8 PM, Logan Square Auditorium, 2539 N. Kedzie, 866-468-3401, $25.
—Ann Sterzinger
tuesday16
LIVING SACRIFICE Christian metal has always faced aesthetic dilemmas that neither other types of metal nor other types of Christian music have ever really had to deal with. Metal has always depended on a feeling of “diabolus in musica” (if not on actual tritones), and if instead it has “the minor fall, the major lift” of a pious hallelujah, it’ll lack the threatening charge the music needs—to put it secularly, it’ll suck. Not to mention that a large part of your potential audience will condemn your sound as a tool of the devil no matter what your lyrics say. Living Sacrifice, when they started in the late 80s, were one of a very few credible Christian death-metal bands, and they remained so until their breakup in 2003. The Infinite Order (Solid State) is their first album of new material in almost eight years, and they sound like they’ve never been away.
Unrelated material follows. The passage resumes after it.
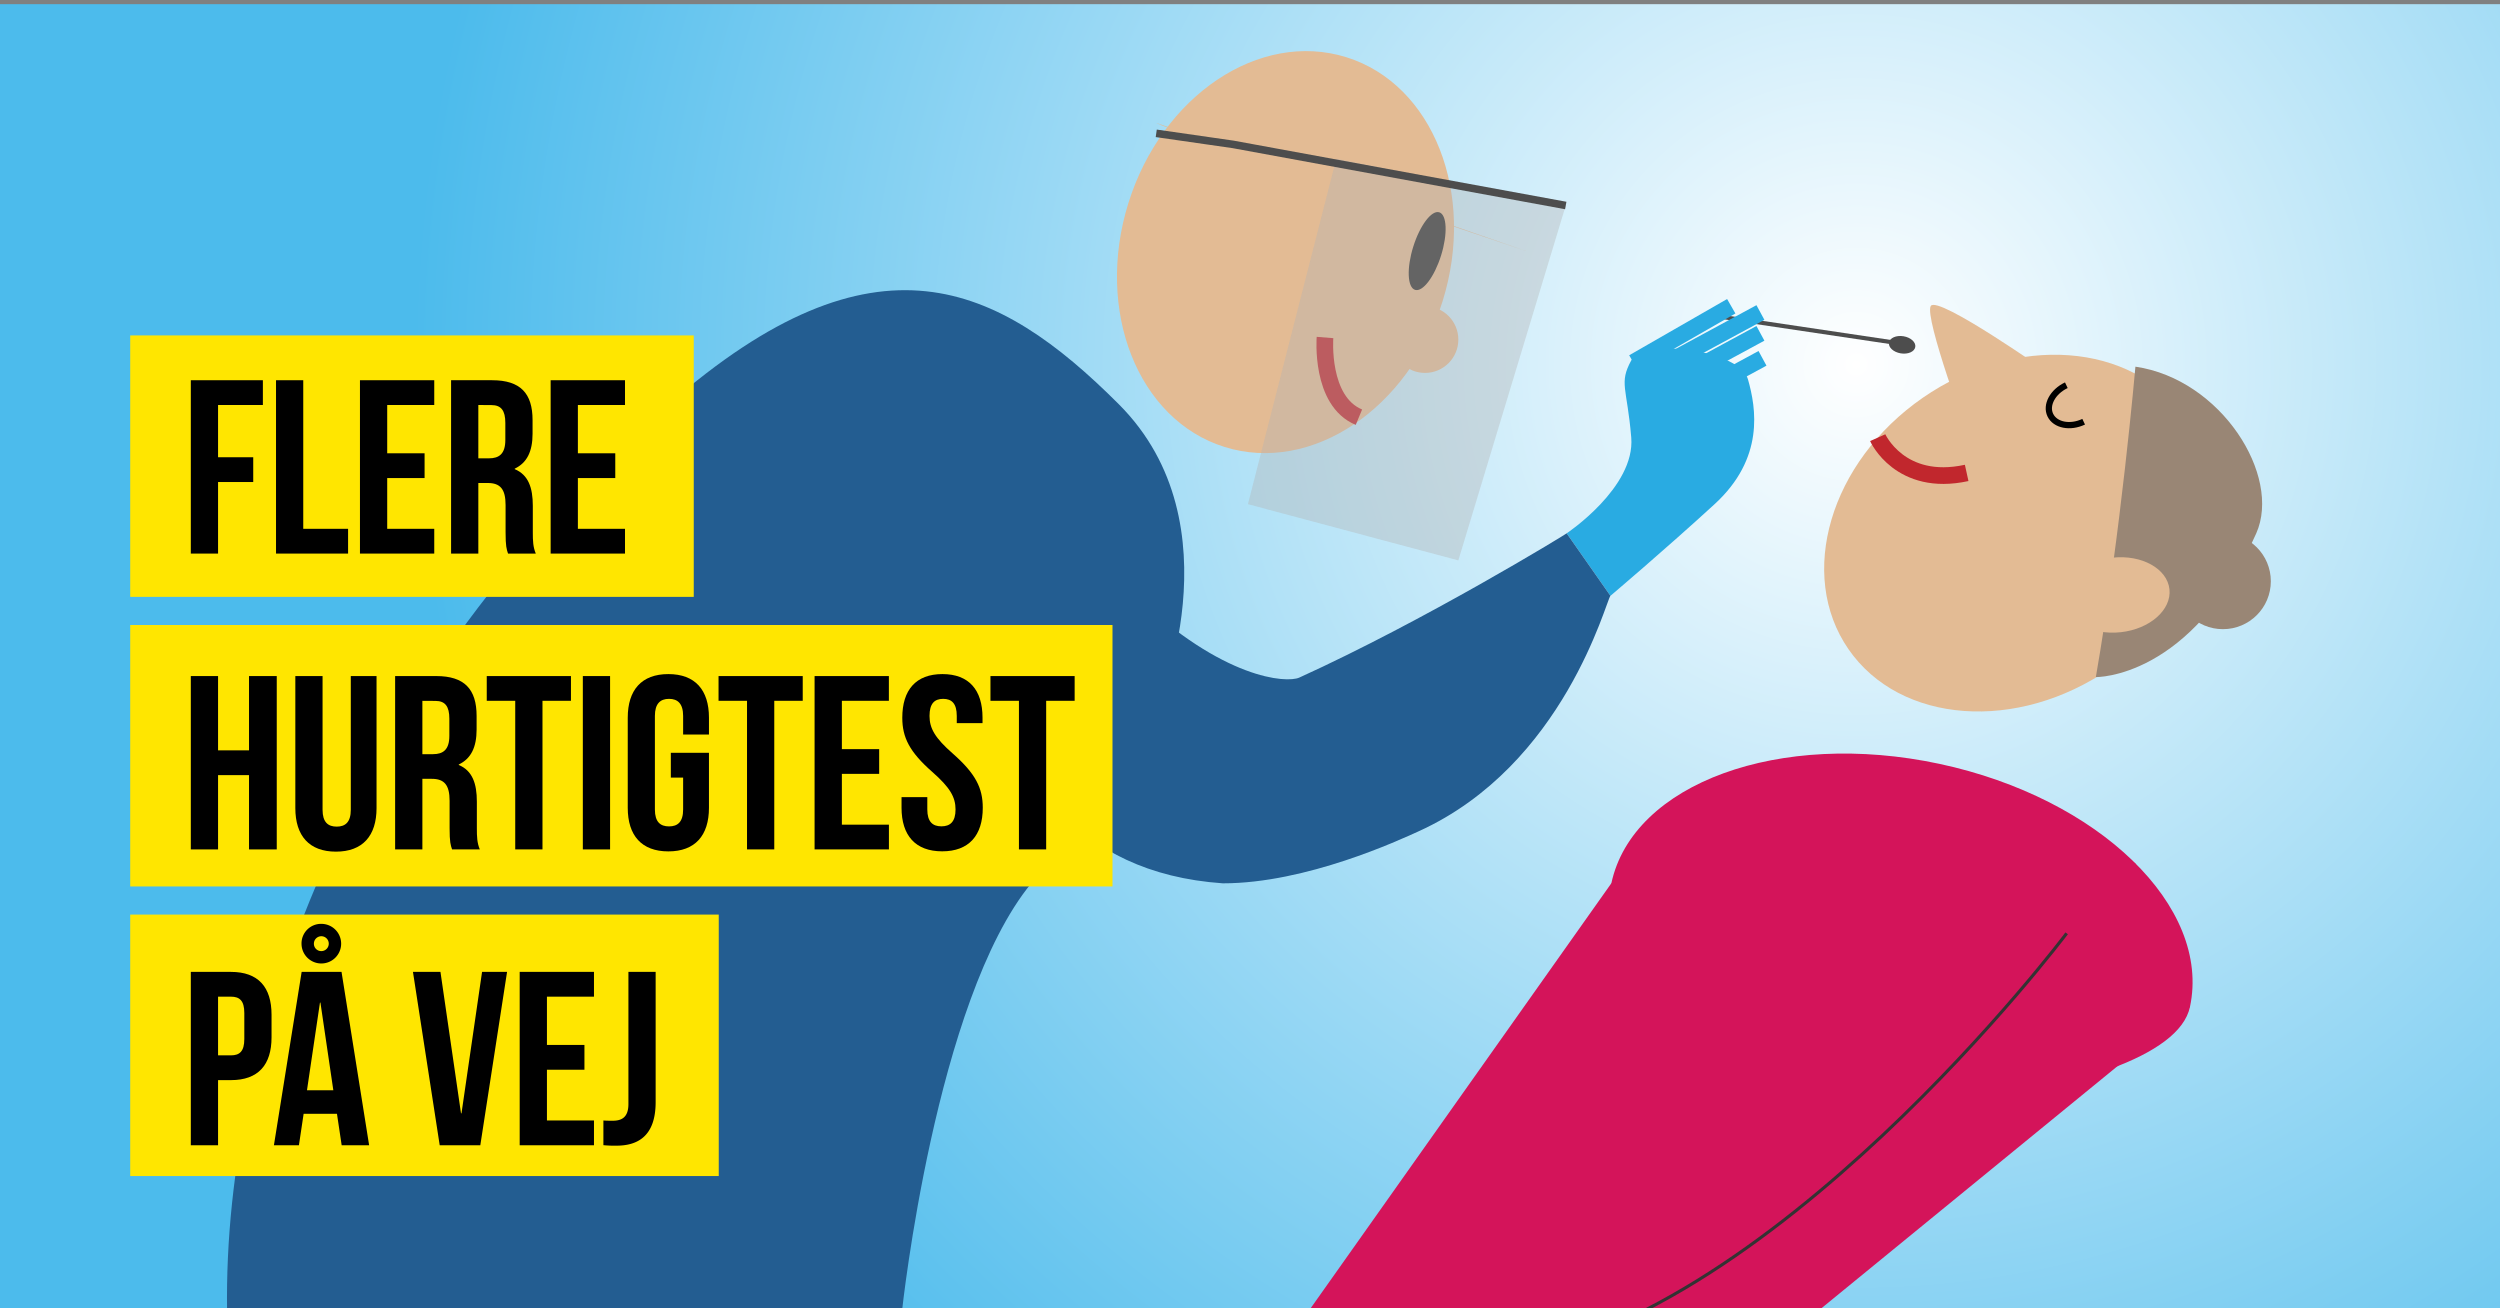 <svg id="Lag_1" data-name="Lag 1" xmlns="http://www.w3.org/2000/svg" xmlns:xlink="http://www.w3.org/1999/xlink" viewBox="0 0 1200 628"><rect x="0" y="0" width="1200" height="628" fill="#808080" stroke="none"/><defs><style>.cls-1{fill:url(#Ikke-navngivet_forløb);}.cls-2{fill:#e3bb94;}.cls-3{fill:#d4145a;}.cls-11,.cls-14,.cls-4,.cls-6,.cls-8,.cls-9{fill:none;stroke-miterlimit:10;}.cls-4{stroke:#000;stroke-width:3px;}.cls-5{fill:#333;}.cls-6{stroke:#c1272d;}.cls-11,.cls-6{stroke-width:8px;}.cls-7{fill:#b3b3b3;opacity:0.38;}.cls-17,.cls-7{isolation:isolate;}.cls-8,.cls-9{stroke:#4d4d4d;}.cls-8{stroke-width:3.64px;}.cls-9{stroke-width:2px;}.cls-10{fill:#29abe2;}.cls-11{stroke:#29abe2;}.cls-12{fill:#4d4d4d;}.cls-13{fill:#235d91;}.cls-14{stroke:#333;stroke-width:1.5px;}.cls-15{fill:#998675;}.cls-16{fill:#ffe600;}</style><radialGradient id="Ikke-navngivet_forløb" cx="891" cy="452.28" r="752.93" gradientTransform="matrix(1, 0, 0, -1, 0, 627.28)" gradientUnits="userSpaceOnUse"><stop offset="0" stop-color="#fff"/><stop offset="0.92" stop-color="#4cbbec"/></radialGradient></defs><title>hurtigtest SVG$</title><g id="Lag_1-2" data-name="Lag 1"><rect class="cls-1" y="2" width="1200" height="628"/><ellipse class="cls-2" cx="617.03" cy="121.02" rx="98" ry="79" transform="translate(317.52 673.88) rotate(-72.65)"/><ellipse class="cls-2" cx="967.89" cy="255.89" rx="98" ry="79" transform="translate(26.41 596.35) rotate(-34.69)"/><path class="cls-3" d="M1051.18,483.32c-10.28,48.07-207.78,61.74-284.47,45.35S763.18,472,773.45,424s80.78-73.74,157.47-57.35S1061.46,435.25,1051.18,483.32Z"/><polygon class="cls-3" points="873 629 622 638 773.46 423.95 1051.18 483.32 873 629"/><path class="cls-2" d="M984.19,179.61S930,141.43,926.76,146.88,945,210.08,945,210.08Z"/><path class="cls-3" d="M852,429.5s168.54-19.13,172.9-15.16S904.54,424.07,873,629l-60.07,8.74Z"/><path class="cls-4" d="M1000.16,202.43c-6.53,3.08-13.67,1.67-16-3.17s1.15-11.26,7.68-14.35"/><path class="cls-2" d="M555,59c4,3,179,62,179,62"/><ellipse class="cls-5" cx="685.04" cy="120.52" rx="19.5" ry="7" transform="translate(365.72 738.45) rotate(-72.65)"/><circle class="cls-2" cx="684" cy="163" r="16"/><path class="cls-6" d="M636,162s-2.44,30.5,16.28,38.25"/><polygon class="cls-7" points="751.56 98.64 641.41 76.18 599 242 700 269 751.56 98.64"/><polyline class="cls-8" points="751.56 98.64 591.9 69.31 555 64"/><line class="cls-9" x1="913" y1="165" x2="819" y2="151"/><path class="cls-10" d="M752,256s33-22,31-46-6-26,0-37,52-5,56,9,8,38-16,60-50,44-50,44Z"/><line class="cls-11" x1="831" y1="147" x2="784" y2="174"/><line class="cls-11" x1="845" y1="150" x2="797" y2="176"/><line class="cls-11" x1="845" y1="160" x2="797" y2="186"/><line class="cls-11" x1="846" y1="172" x2="798" y2="198"/><ellipse class="cls-12" cx="913.02" cy="165.51" rx="4.16" ry="6.4" transform="translate(599.7 1038.91) rotate(-80.54)"/><path class="cls-6" d="M901.3,210.08S912,234,944,227"/><path class="cls-13" d="M587,424C443,414,473.23,229,473,228l52-1c0,.22,1.49,41.37,20,59,42,40,72.52,42,78.66,39.24C683.9,297.86,751.54,256.5,752,256l21,30c-2.14,2.36-22.1,81.23-92,113C671.67,403.24,627,424,587,424Z"/><path class="cls-13" d="M555,342s40-90-18-148-116.93-86.52-216,0C171,325,107,496,109,629H433s16-149,62-205S555,342,555,342Z"/><path class="cls-14" d="M992,448S849,638,715,653"/><path class="cls-15" d="M1025,176s-7,80-19,149c0,0,46,1,77-69C1095.26,228.33,1066.17,182,1025,176Z"/><circle class="cls-15" cx="1067" cy="279" r="23"/><ellipse class="cls-2" cx="1015.99" cy="285.57" rx="25.5" ry="18" transform="translate(-24.75 110.49) rotate(-6.15)"/><rect class="cls-16" x="62.5" y="439" width="282.5" height="125.5"/><g class="cls-17"><g class="cls-17"><path d="M130.34,487.08v10.81c0,13.32-6.41,20.57-19.49,20.57h-6.18v31.26H91.59V466.51h19.26C123.93,466.51,130.34,473.76,130.34,487.08Zm-25.67-8.68v28.17h6.18c4.16,0,6.42-1.9,6.42-7.84V486.25c0-5.95-2.26-7.85-6.42-7.85Z"/></g><g class="cls-17"><path d="M177.18,549.72H164l-2.26-15.1h-16l-2.26,15.1h-12l13.31-83.21h19.14ZM154.24,443.45a9.51,9.51,0,1,1-9.51,9.51A9.39,9.39,0,0,1,154.24,443.45Zm-6.89,79.88H160l-6.19-42.08h-.23Zm6.89-66.8a3.57,3.57,0,1,0-3.57-3.57A3.51,3.51,0,0,0,154.24,456.53Z"/><path d="M221.28,534.39h.24l9.87-67.88h12l-12.84,83.21H211.06l-12.84-83.21h13.2Z"/><path d="M262.53,501.58h18v11.89h-18v24.36h22.58v11.89H249.45V466.51h35.66V478.4H262.53Z"/><path d="M289.63,537.83c1.43.12,3.09.12,4.52.12,4.16,0,7.49-1.54,7.49-8V466.51h13.07V529c0,16.64-8.91,20.92-18.78,20.92a53.22,53.22,0,0,1-6.3-.24Z"/></g></g><rect class="cls-16" x="62.5" y="300" width="471.5" height="125.5"/><g class="cls-17"><path d="M104.67,407.72H91.59V324.51h13.08v35.66h14.86V324.51h13.31v83.21H119.53V372.06H104.67Z"/><path d="M154.83,324.51V388.7c0,5.94,2.62,8.08,6.78,8.08s6.77-2.14,6.77-8.08V324.51h12.36v63.36c0,13.31-6.65,20.92-19.49,20.92s-19.49-7.61-19.49-20.92V324.51Z"/><path d="M217,407.72c-.71-2.14-1.19-3.45-1.19-10.22V384.42c0-7.72-2.61-10.58-8.56-10.58h-4.51v33.88H189.66V324.51h19.73c13.55,0,19.38,6.3,19.38,19.14v6.54c0,8.56-2.74,14-8.56,16.76v.24c6.54,2.73,8.68,8.91,8.68,17.59v12.84c0,4,.11,7,1.42,10.1ZM202.74,336.4V362h5.11c4.87,0,7.84-2.14,7.84-8.8V345c0-5.94-2-8.56-6.65-8.56Z"/><path d="M233.64,324.51h40.42V336.4H260.39v71.32H247.31V336.4H233.64Z"/><path d="M279.76,324.51h13.08v83.21H279.76Z"/><path d="M322,361.36h18.3v26.39c0,13.31-6.65,20.92-19.49,20.92s-19.49-7.61-19.49-20.92V344.48c0-13.31,6.65-20.92,19.49-20.92s19.49,7.61,19.49,20.92v8.09H327.9v-8.92c0-5.94-2.61-8.2-6.77-8.2s-6.78,2.26-6.78,8.2v44.93c0,5.95,2.62,8.09,6.78,8.09s6.77-2.14,6.77-8.09V373.25H322Z"/><path d="M344.9,324.51h40.41V336.4H371.65v71.32H358.57V336.4H344.9Z"/><path d="M404.1,359.58H422v11.89H404.1v24.36h22.58v11.89H391V324.51h35.66V336.4H404.1Z"/><path d="M452.36,323.56c12.71,0,19.25,7.61,19.25,20.92v2.62H459.25v-3.45c0-5.94-2.38-8.2-6.54-8.2s-6.54,2.26-6.54,8.2,2.62,10.58,11.18,18.07c10.93,9.63,14.38,16.52,14.38,26,0,13.31-6.66,20.92-19.49,20.92s-19.5-7.61-19.5-20.92v-5.11h12.37v5.94c0,5.95,2.61,8.09,6.77,8.09s6.78-2.14,6.78-8.09S456,378,447.48,370.51c-10.93-9.62-14.38-16.52-14.38-26C433.1,331.17,439.64,323.56,452.36,323.56Z"/><path d="M475.42,324.51h40.41V336.4H502.16v71.32H489.09V336.4H475.42Z"/></g><rect class="cls-16" x="62.5" y="161" width="270.5" height="125.5"/><g class="cls-17"><path d="M104.67,219.48h16.88v11.89H104.67v34.35H91.59V182.51h34.59V194.4H104.67Z"/><path d="M132.49,182.51h13.07v71.32h21.52v11.89H132.49Z"/><path d="M185.86,217.58H203.8v11.89H185.86v24.36h22.58v11.89H172.78V182.51h35.66V194.4H185.86Z"/><path d="M243.86,265.72c-.71-2.14-1.18-3.45-1.18-10.22V242.42c0-7.72-2.62-10.58-8.56-10.58H229.6v33.88H216.52V182.51h19.74c13.55,0,19.37,6.3,19.37,19.14v6.54c0,8.56-2.73,14-8.56,16.76v.24c6.54,2.73,8.68,8.91,8.68,17.59v12.84c0,4,.12,7,1.43,10.1ZM229.6,194.4V220h5.11c4.87,0,7.85-2.14,7.85-8.8V203c0-5.94-2-8.56-6.66-8.56Z"/><path d="M277.38,217.58h17.95v11.89H277.38v24.36H300v11.89H264.31V182.51H300V194.4H277.38Z"/></g></g></svg>

The record makes attacks on atheism (“Nietzsche’s Madness”) and satanism (“Organized Lie”), but confrontation isn’t what these guys do best, despite their thrashy power; they’re better at positivity, and their lyrics turn tracks like “Love Forgives” and “God Is My Home” into improbably joyous hymns. Wisely they’ve rendered that joy almost inaudible in the music—out of the hoarse growls and grinding riffs rises just the faintest glow of triumphalism. Impressive. War of Ages, Shai Hulud, Lionheart, and the Great Commission open. 5 PM, Reggie’s Rock Club, 2109 S. State, 312-949-0121 or 866-468-3401, $15, $13 in advance.
—Monica Kendrick
wednesday17
BURKINA ELECTRIC This transatlantic outfit, led by Brooklyn-based percussionist and composer Lukas Ligeti—son of famed Hungarian composer Gyorgy—comes into its own on its new second album, Paspanga (Cantaloupe). Burkina Electric has found a perfect balance of Western electronic dance music and traditional song forms from Burkina Faso. It certainly helps that the group includes a singer as strong and charismatic as Mai Lingani—who’s a star in Burkina Faso and can rough up her limber, glassy voice into a startling growl—as well as a guitarist as fluid and colorful as her countryman Wende K. Blass. But Ligeti and his German collaborator, Pyrolator (aka Kurt Dahlke, a former member of influential groups D.A.F. and Der Plan), hold up their end of the bargain: the beats they wed to their bandmates’ hypnotizing rustic melodies aren’t jacked-up club stomps but rather three-dimensional matrices of live and programmed percussion that sift, shift, lope, and gallop. The marriage is thoughtful and effective, with each half strengthening the other whether one’s lying low or they’re both going full tilt. The group also includes dancers Hugues Zoko and Idrissa Kafando, who contribute backing vocals. 8:30 PM, Old Town School of Folk Music, 4544 N. Lincoln, 773-728-6000, $5 suggested donation.